Fazit: Ein Weckruf für die Demokratie
Was bleibt von diesem Abend in Gelsenkirchen? Es bleibt die Erkenntnis, dass sich politische Mehrheiten nicht dauerhaft durch moralischen Druck oder Hinterzimmer-Absprachen konservieren lassen. Die drei Stimmen für Norbert Emmerich waren ein Signal. Ob es ein Signal des Protests, der Überzeugung oder einfach nur der Frustration über die eigenen Parteiführungen war, wissen nur die drei Wähler selbst.

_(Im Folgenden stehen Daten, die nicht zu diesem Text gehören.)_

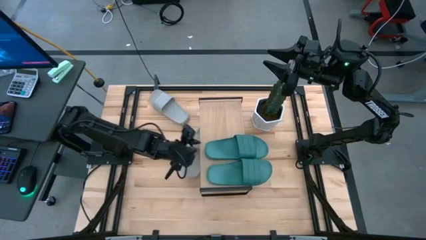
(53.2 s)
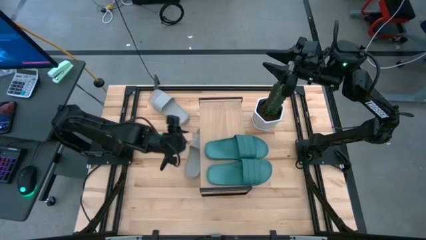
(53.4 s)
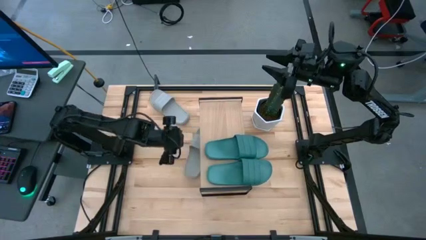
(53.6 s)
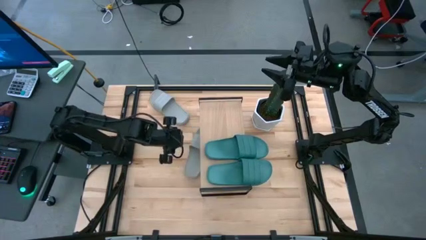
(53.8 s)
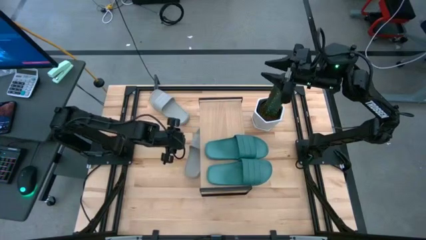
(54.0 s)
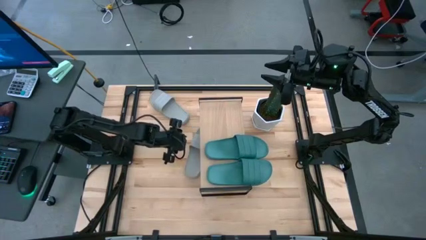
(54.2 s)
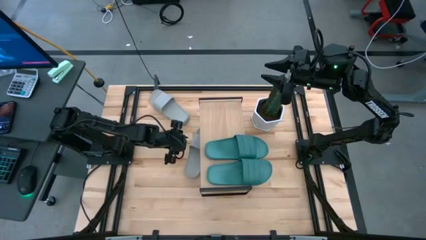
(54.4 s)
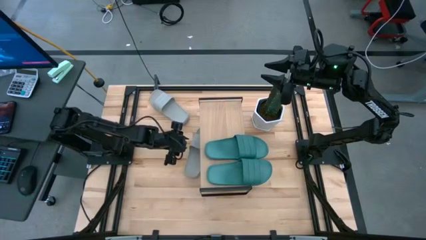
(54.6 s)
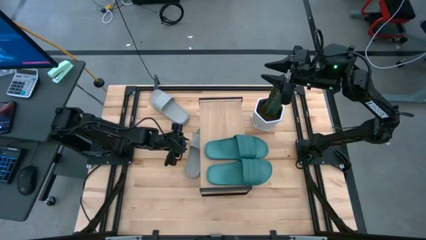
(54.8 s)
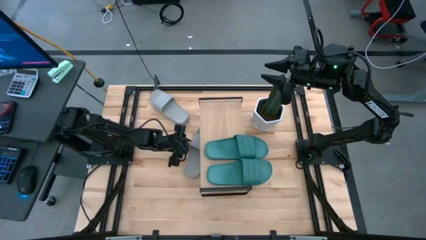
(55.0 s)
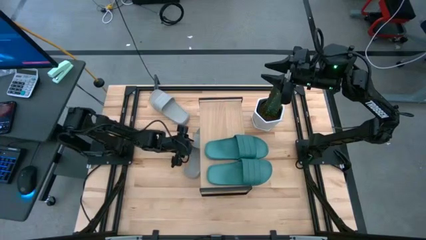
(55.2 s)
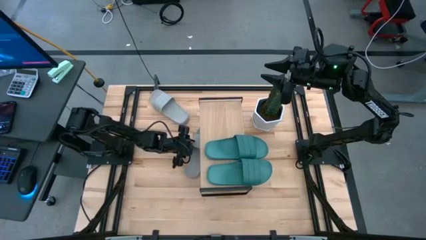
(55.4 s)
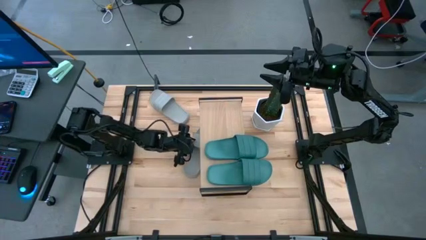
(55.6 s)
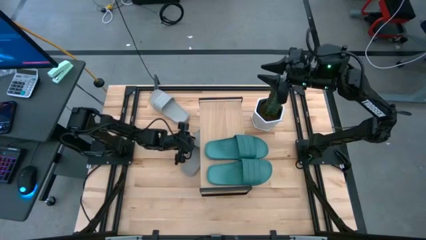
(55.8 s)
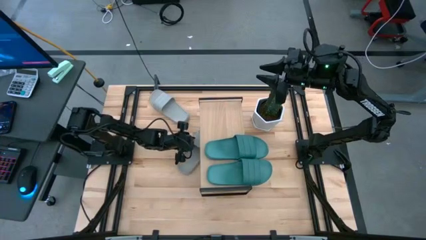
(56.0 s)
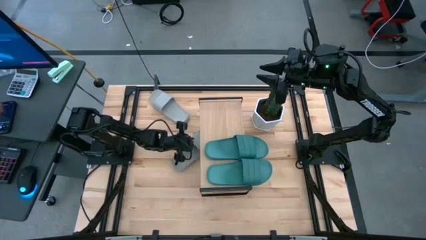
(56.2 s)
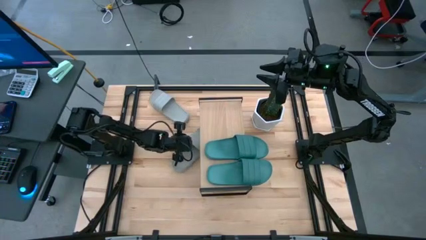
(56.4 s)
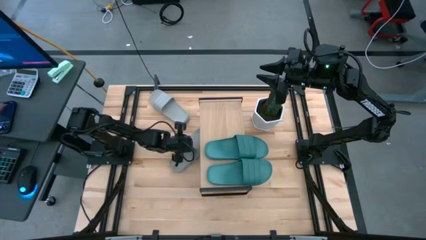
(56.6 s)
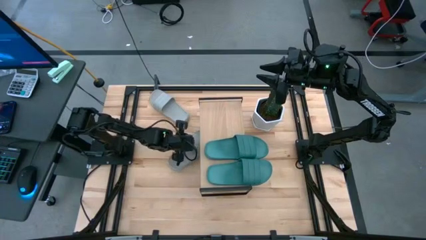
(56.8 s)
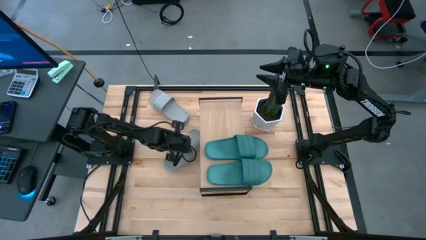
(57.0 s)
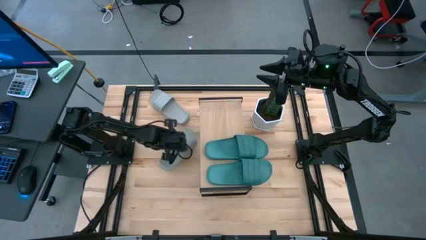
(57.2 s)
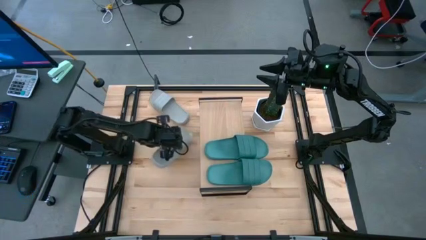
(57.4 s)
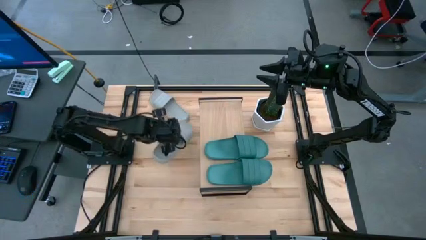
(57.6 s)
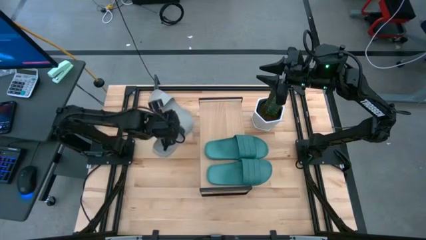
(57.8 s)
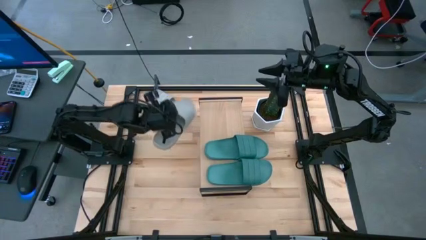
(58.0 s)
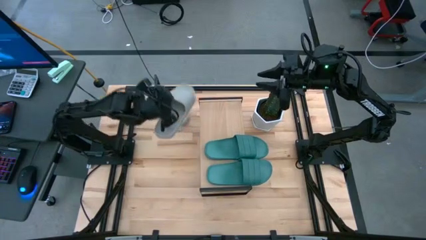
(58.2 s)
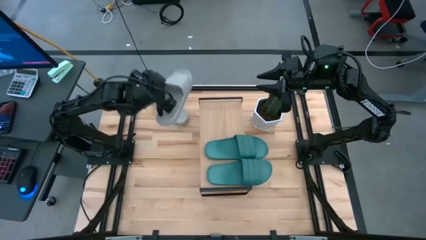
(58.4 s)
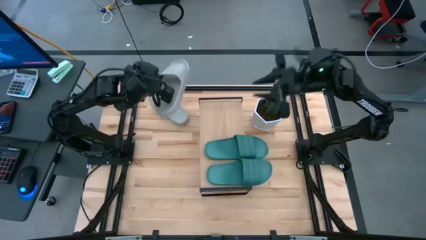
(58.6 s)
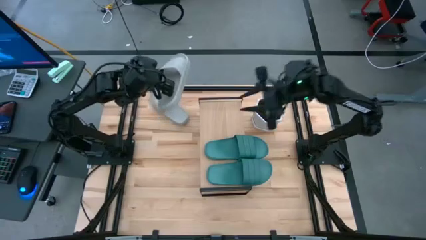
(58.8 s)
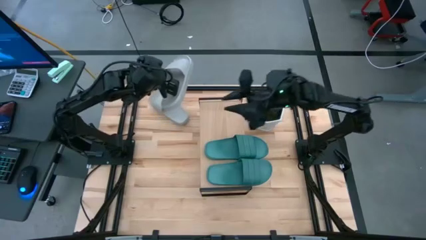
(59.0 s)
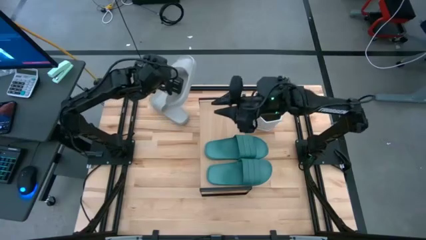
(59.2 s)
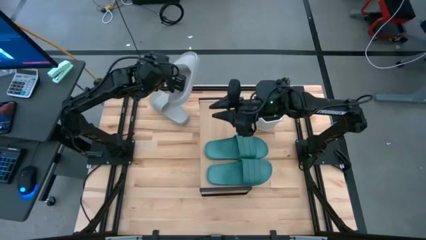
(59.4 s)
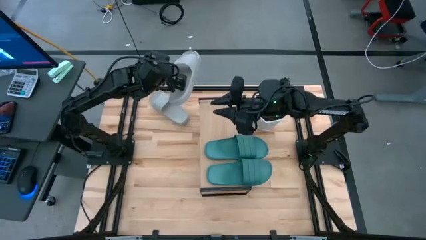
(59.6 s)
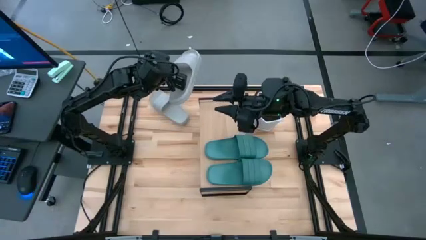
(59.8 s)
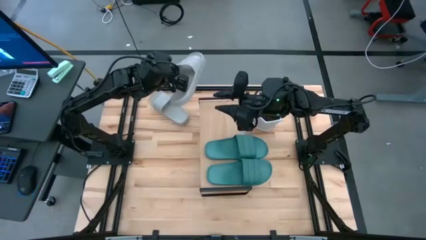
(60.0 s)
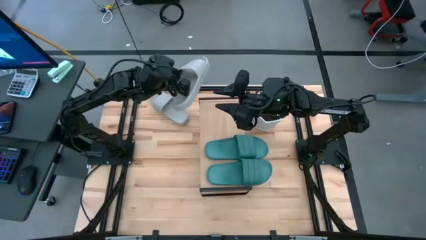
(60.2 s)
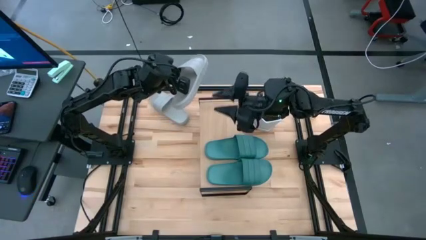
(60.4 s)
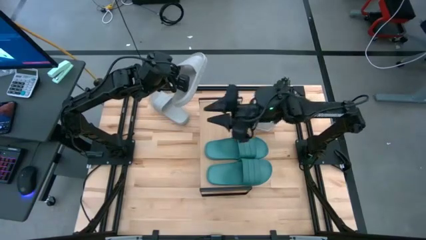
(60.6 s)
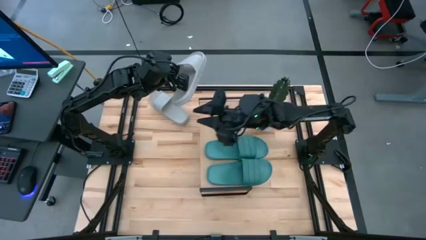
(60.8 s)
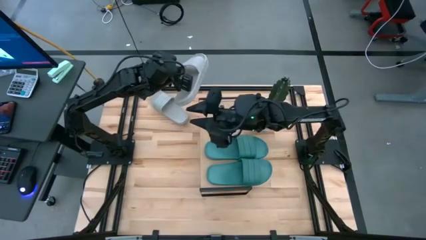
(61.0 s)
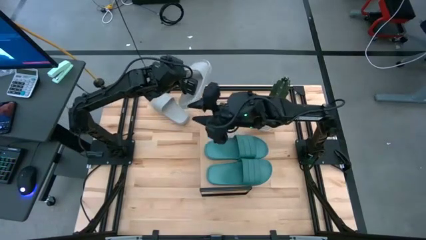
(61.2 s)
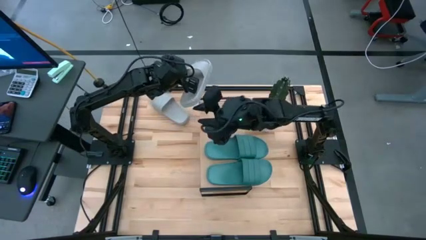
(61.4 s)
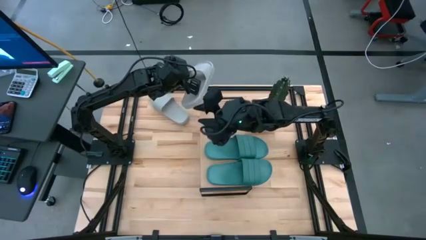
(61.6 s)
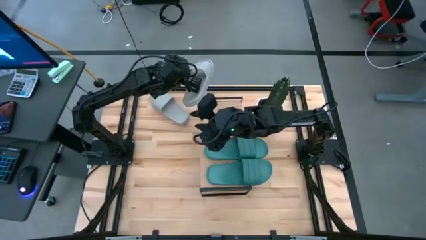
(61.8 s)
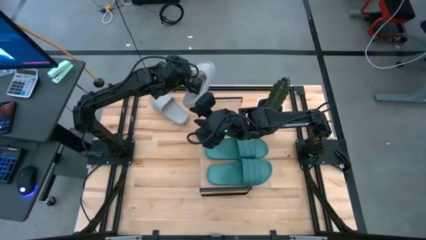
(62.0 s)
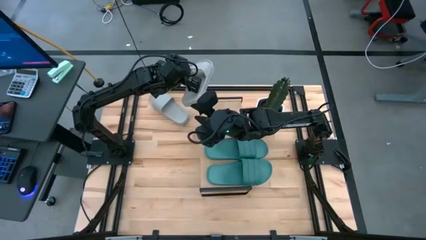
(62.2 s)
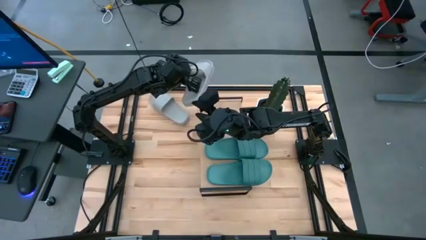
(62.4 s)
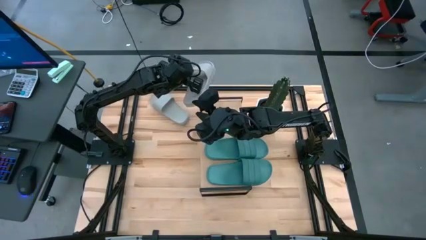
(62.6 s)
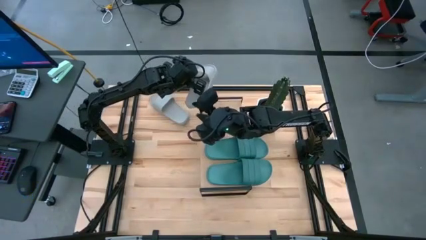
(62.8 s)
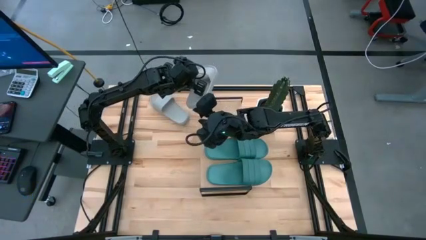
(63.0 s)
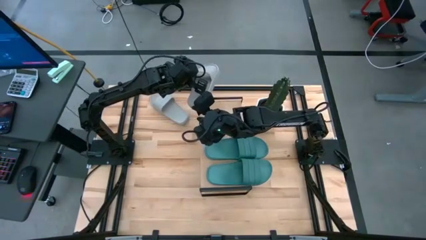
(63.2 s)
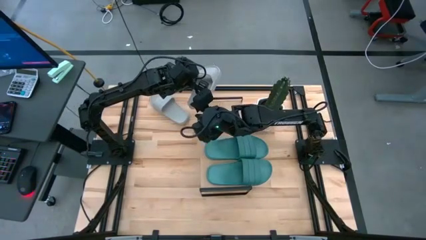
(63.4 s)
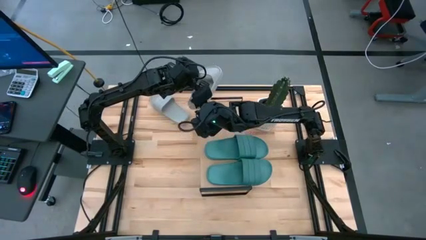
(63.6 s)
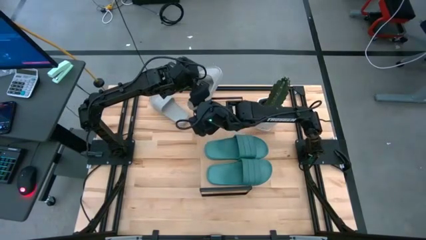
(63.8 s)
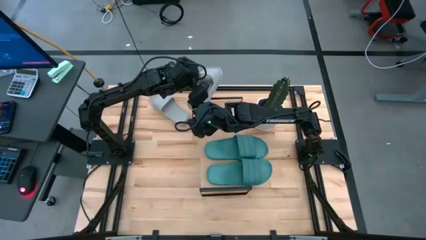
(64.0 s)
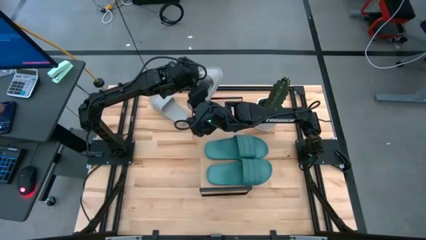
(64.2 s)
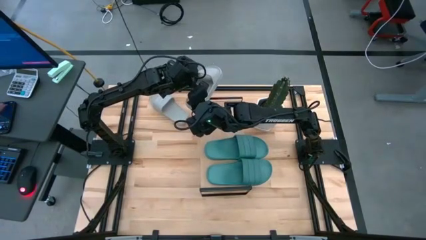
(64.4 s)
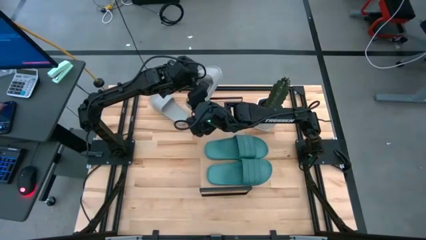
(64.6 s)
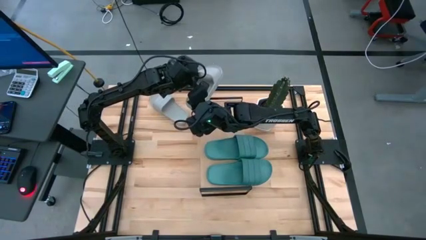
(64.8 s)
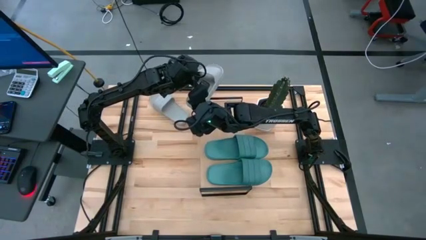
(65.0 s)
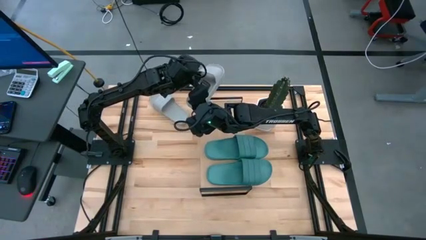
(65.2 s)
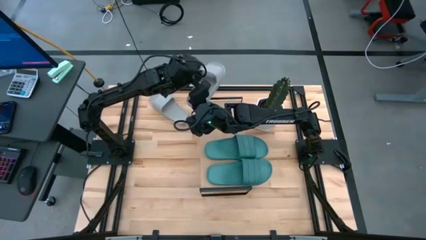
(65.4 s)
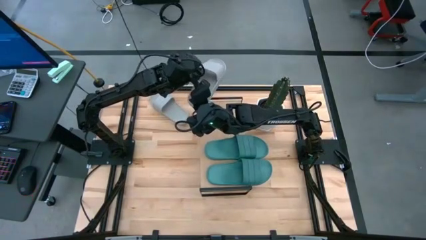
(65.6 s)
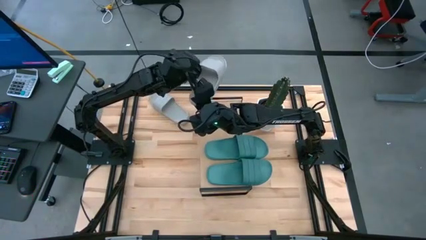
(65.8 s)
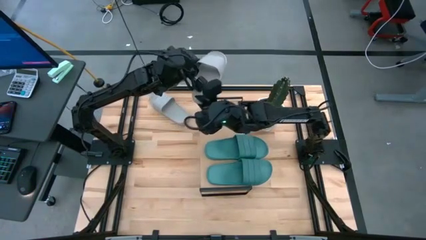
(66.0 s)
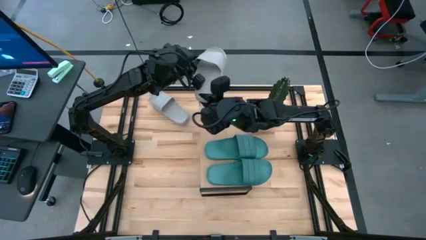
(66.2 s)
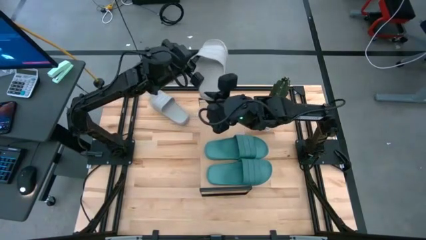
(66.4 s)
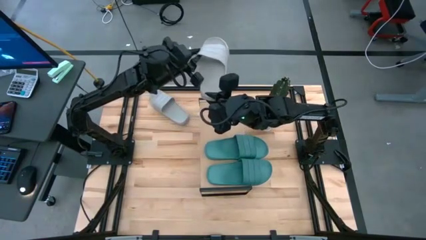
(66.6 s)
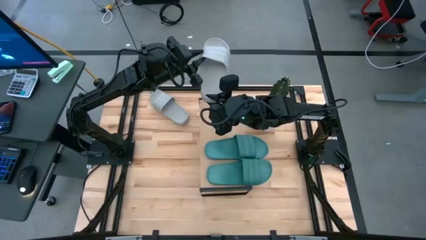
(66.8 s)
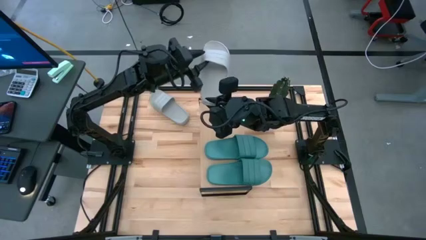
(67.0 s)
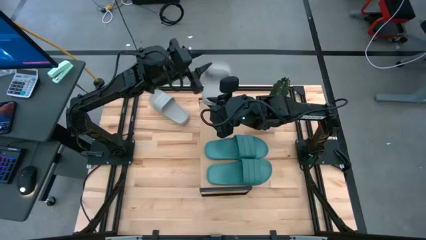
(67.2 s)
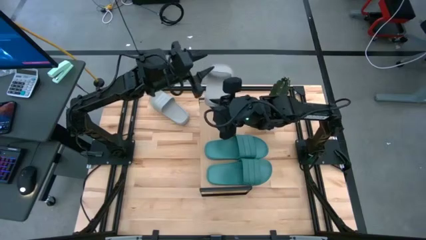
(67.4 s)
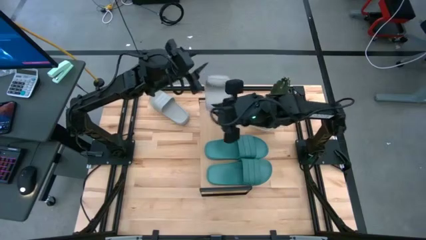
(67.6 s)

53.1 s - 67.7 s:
Task: Pick and place slides into the shelf
Put the bottom gray slide on the shelf

Die etablierten Parteien stehen nun vor der Wahl: Reagieren sie mit noch mehr Ausgrenzung, mit Abwahlverfahren und der Beschimpfung der eigenen Leute? Oder stellen sie sich der inhaltlichen Auseinandersetzung und akzeptieren, dass Demokratie auch bedeutet, unbequeme Ergebnisse auszuhalten? Die nächsten Wochen in Gelsenkirchen werden zeigen, wie belastbar das demokratische Verständnis der Akteure wirklich ist. Eines ist jedoch sicher: Mit der bloßen Beschwörung von “Brandmauern” lässt sich der politische Wandel im Land nicht mehr aufhalten. Der Geist ist aus der Flasche, und er lässt sich nicht durch Empörung zurückzwingen.